**Data provided:**

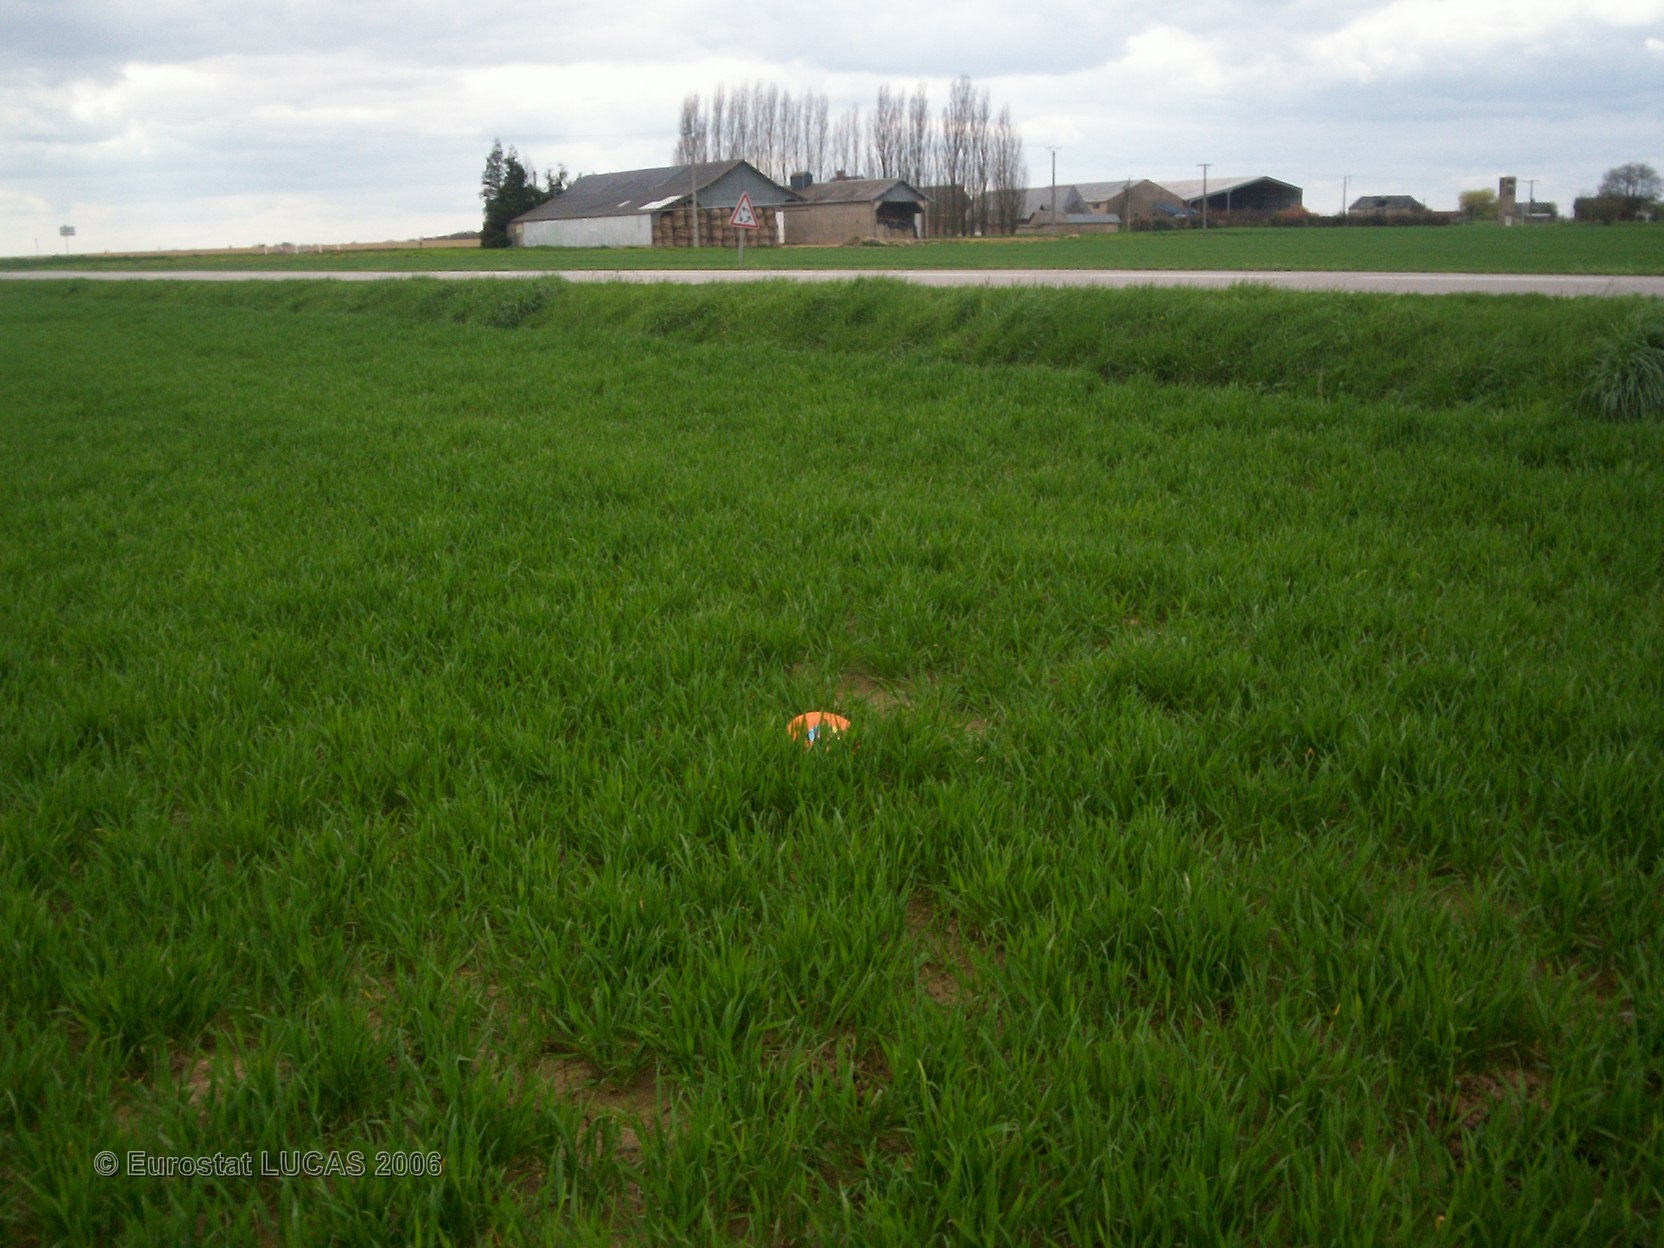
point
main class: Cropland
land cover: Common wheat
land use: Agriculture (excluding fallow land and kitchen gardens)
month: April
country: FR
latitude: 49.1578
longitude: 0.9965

--

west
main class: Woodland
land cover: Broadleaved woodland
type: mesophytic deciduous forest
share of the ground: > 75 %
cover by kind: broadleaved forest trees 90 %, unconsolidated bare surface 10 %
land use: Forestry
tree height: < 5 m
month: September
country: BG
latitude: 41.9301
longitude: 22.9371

**Aim of the exercise:** Set down only the lines above that fall between the line holding "main class: Woodland" and the line holding "longitude: 22.9371", inclusive, keeping each exact.

**Answer space:**
main class: Woodland
land cover: Broadleaved woodland
type: mesophytic deciduous forest
share of the ground: > 75 %
cover by kind: broadleaved forest trees 90 %, unconsolidated bare surface 10 %
land use: Forestry
tree height: < 5 m
month: September
country: BG
latitude: 41.9301
longitude: 22.9371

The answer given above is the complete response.